110 Ark. 24 | Ark. | 1913
(after stating the facts). Few decisions have been cited oftener, and none have been more universally approved, than the case of Smith v. Clay, 3 Bro. C. C. p. 640, where Lord Camden said:
“A court of equity, which is never active in relief in cases against conscience or public convenience, has always refused its aid to stale demands where the party has slept upon his rights and acquiesced for a great length of time. Nothing can call this court into activity, but conscience, good faith, and reasonable diligence. Where these are wanting, the court is passive and does nothing. ’ ’
This appears to be a case calling for the application of this doctrine; but appellant says this doctrine should not be applied to him because, under the allegations of his complaint, he had no knowledge of the action taken by the corporations resulting in' their consolidation, and did not know what his rights in the premises were, and that there had never been any denial of his rights by the consolidated company until his demand, immediately preceding the institution of this suit. But it is well settled that means of knowledge are in equity equivalent to knowledge itself. While knowledge is necessary to ground the defense of laches, yet, where the circumstances were such as to have induced inquiry, and the means of ascertaining the truth were available, the party is chargeable with knowledge of the truth; the law in such cases being that, “where the question of laches is in issue, the plaintiff is charged with such knowledge as he might have obtained upon inquiry, provided the facts already known by him were such as to put upon a man of ordinary intelligence the duty of inquiry.” Johnston v. Standard Mining Co., 148 U. S. 370; Williams v. Bennett, 75 Ark. 312.

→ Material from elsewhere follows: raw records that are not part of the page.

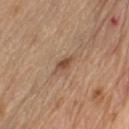biopsy_status: not biopsied; imaged during a skin examination
automated_metrics:
  area_mm2_approx: 2.5
  shape_asymmetry: 0.3
  cielab_L: 49
  cielab_a: 19
  cielab_b: 31
  nevus_likeness_0_100: 65
  lesion_detection_confidence_0_100: 100
lighting: white-light
site: right upper arm
patient:
  sex: male
  age_approx: 70
image:
  source: total-body photography crop
  field_of_view_mm: 15
lesion_size:
  long_diameter_mm_approx: 2.5
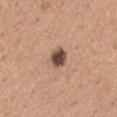Imaged during a routine full-body skin examination; the lesion was not biopsied and no histopathology is available.
The subject is a male in their mid- to late 40s.
Imaged with white-light lighting.
The lesion-visualizer software estimated a mean CIELAB color near L≈48 a*≈18 b*≈25 and about 17 CIELAB-L* units darker than the surrounding skin. The analysis additionally found lesion-presence confidence of about 100/100.
The lesion's longest dimension is about 3 mm.
The lesion is on the right upper arm.
A lesion tile, about 15 mm wide, cut from a 3D total-body photograph.
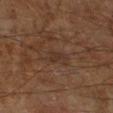workup: total-body-photography surveillance lesion; no biopsy
automated lesion analysis: an automated nevus-likeness rating near 0 out of 100
illumination: cross-polarized
imaging modality: ~15 mm tile from a whole-body skin photo
diameter: ~3 mm (longest diameter)
patient: male, in their 60s
anatomic site: the leg
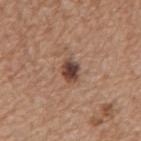Notes:
– notes: catalogued during a skin exam; not biopsied
– patient: male, in their mid- to late 60s
– automated metrics: a border-irregularity index near 2/10, a color-variation rating of about 5/10, and radial color variation of about 1.5; a classifier nevus-likeness of about 90/100 and a detector confidence of about 100 out of 100 that the crop contains a lesion
– tile lighting: white-light illumination
– imaging modality: ~15 mm tile from a whole-body skin photo
– body site: the mid back
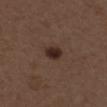Q: Was a biopsy performed?
A: total-body-photography surveillance lesion; no biopsy
Q: Patient demographics?
A: female, roughly 50 years of age
Q: Where on the body is the lesion?
A: the upper back
Q: What did automated image analysis measure?
A: a mean CIELAB color near L≈27 a*≈16 b*≈20, roughly 10 lightness units darker than nearby skin, and a normalized lesion–skin contrast near 10.5; border irregularity of about 2 on a 0–10 scale, a within-lesion color-variation index near 3/10, and peripheral color asymmetry of about 1
Q: What is the imaging modality?
A: ~15 mm tile from a whole-body skin photo
Q: How large is the lesion?
A: ~2.5 mm (longest diameter)
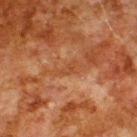The lesion was photographed on a routine skin check and not biopsied; there is no pathology result. Longest diameter approximately 2.5 mm. A male subject, about 80 years old. Captured under cross-polarized illumination. On the upper back. A close-up tile cropped from a whole-body skin photograph, about 15 mm across. The lesion-visualizer software estimated a lesion area of about 2 mm², an eccentricity of roughly 0.9, and two-axis asymmetry of about 0.45. And it measured internal color variation of about 0 on a 0–10 scale. The software also gave an automated nevus-likeness rating near 0 out of 100 and lesion-presence confidence of about 55/100.

Under the allegations of the complaint appellant’s vendor knew he was a stockholder of the Cairo & Fulton Railroad Company, and that for a long period of years he was being paid no dividends on his investment, yet it appears from the complaint that appellee took possession on the 30th of April, 1874, of all the property of the Cairo & Fulton Railroad Company of every character, and converted it to its own use, and has since continuously used it. It is not alleged in the complaint that appellant’s vendor had no notice of this fact, and after these years, the presumption must be indulged that he did know it. But it is manifest, that at any time, the slightest inquiry would have disclosed the facts to him, because they were notorious and of common and general public knowledge, for the appellee took the property pursuant to the agreement of consolidation stated in the complaint, which was made under the public statutes of Arkansas and Missouri.
One interested as part owner of the Cairo & Fulton Railroad Company could not ignore a fact of such public notoriety as that that railroad, which was one of the principal railroads in the State, had passed entirely out of existence and that the railroad which had been called by that name had ceased to be so called, and was called by another name, and had become the property of another company. The failure to receive dividends or other returns upon his stock should have suggested some inquiry, and the slightest inquiry would have apprised him of the truth, for the means of knowledge were immediately at hand, and he could have readily learned every fact now relied on as grounds for recovery.
The complaint alleges that the consolidated company has used its funds and funds belonging to the plaintiff to purchase stock in its own and other corporations, thus showing changes in the relations and situation of the parties and the necessity for an extensive accounting after the lapse of many years. This can not now be required, for the rights appellant may once have had are now too stale to command the attention of the court. Of necessity there must come a time, beyond which one can not wait, to begin the enforcement of any right, however meritorious. In our judgment that time was exceeded here, and the judgment and the decree of the court below is therefore affirmed.